Mori also suggests that motion amplifies the effect of the response. Not only are we familiar with the human form, we are familiar with human locomotion. So, if something seems slightly off, we are even more aware of the wrongness when the thing is in motion. What does this mean for 3DX? The still image set is a much more forgiving medium to work with. Contrary to the theory, however, it is easier to pick out details on a still figure. On the other hand, the job of animators is considerably more difficult.
Culture And Exposure
Culture is a major determining factor for our baseline norms and preferences. The ear gauges I mentioned are not dissonant for people where they are a cultural norm. In fact, people in those (sub-)cultures prefer them. Cosmetic surgery has become increasingly prevalent in several cultures, and the results are therefore trending towards preference and desirability. However, this is a relatively recent change.
This leads to the second normalizing factor, exposure. The more we are exposed to something, the greater our tolerance, and potentially eventual acceptance become. The more we see cosmetic enhancements, prosthetics, dickgirls, and other impossibilities depicted in 3DX, the more we will come to accept them. As a matter of fact, Marie Fasolt shared the experience of going from disgust to arousal over dickgirls. She describes the experience as overcoming cultural dissonance through exposure. So there you have it, our very own social media mistress is a case for the point.
However, the method of exposure is also important. This involves additional stimuli. For instance, horror vs. comedy. The same malformed thing can be depicted with the additional atmospheric effects of horror, and we will be moved towards a horrific response to the thing. On the other hand, if we portray it tripping all over itself to some Benny Hill music, we would be more likely to find it funny.
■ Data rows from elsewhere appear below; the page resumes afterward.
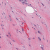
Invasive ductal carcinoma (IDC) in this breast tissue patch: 0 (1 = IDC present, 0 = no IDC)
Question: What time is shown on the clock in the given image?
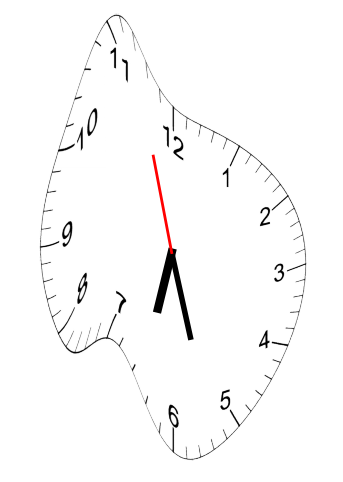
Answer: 06:26:57
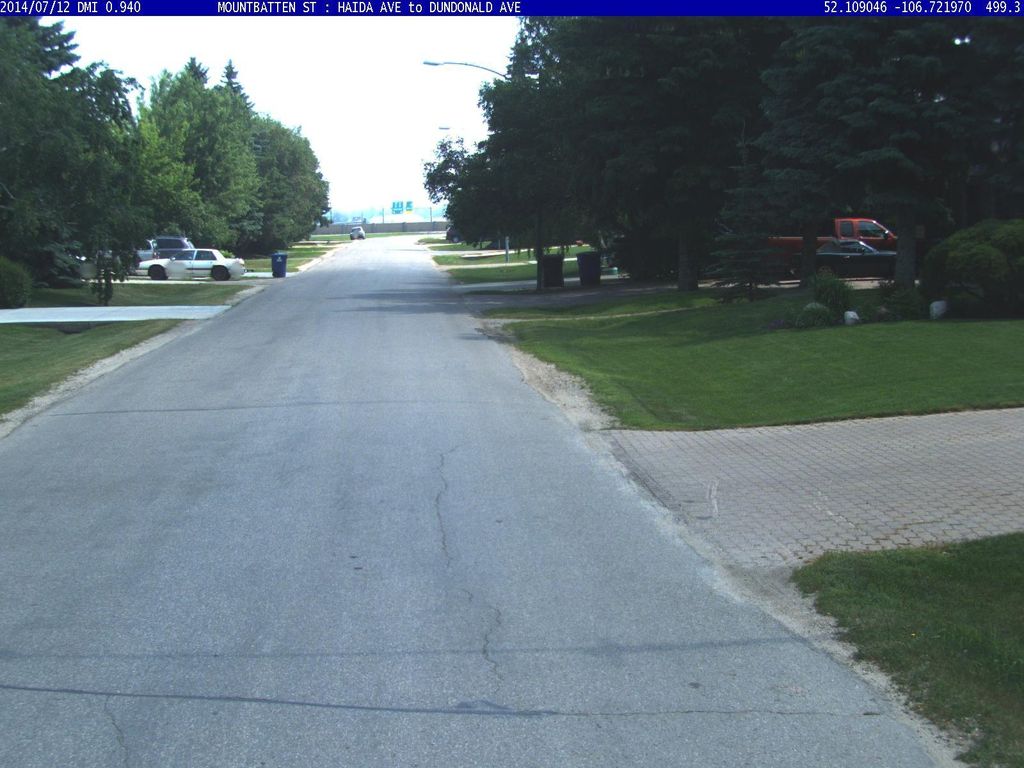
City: saskatoon

2DX And Alternate Opinions
Apparently 2D artists are more sensitive to the Uncanny Valley. I honestly have no idea why. There a many 2D artists, both modern and historic, that produce incredibly realistic work. There are also many that distort human features to evoke shocked reactions. I think this also falls the area of additional stimuli priming your for a given reaction.
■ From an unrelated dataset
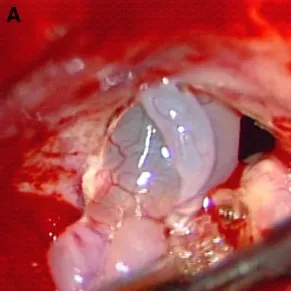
Surgical photograph. A: Brain tissue and a cystic component protruded into the paranasal sinus through the right ethmoid bone defect.
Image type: medical_photograph (other_medical_photograph)

Bianca Rose and I both seem to think the Uncanny Valley is silliness. We do have very different opinions beyond that, though. She holds that the effect is the result of an irrational instinct, whereas I hold that it is cultural. In defense of her position, we do see the Uncanny Valley cross-culturally. I just don’t believe any of the specific arguments for how it is an evolutionary behavior are strong enough. Nor is the effect consistent enough.
If you Google the Uncanny Valley in images, you will see numerous examples of the graph, with a variety of different characters placed at various points on it. Many contradict each other as to where a character belongs. This is the effects of cultural perception and individual preferences influenced by exposure. The Uncanny Valley is not universal, nor is it conclusively evolutionary. It is completely subjective.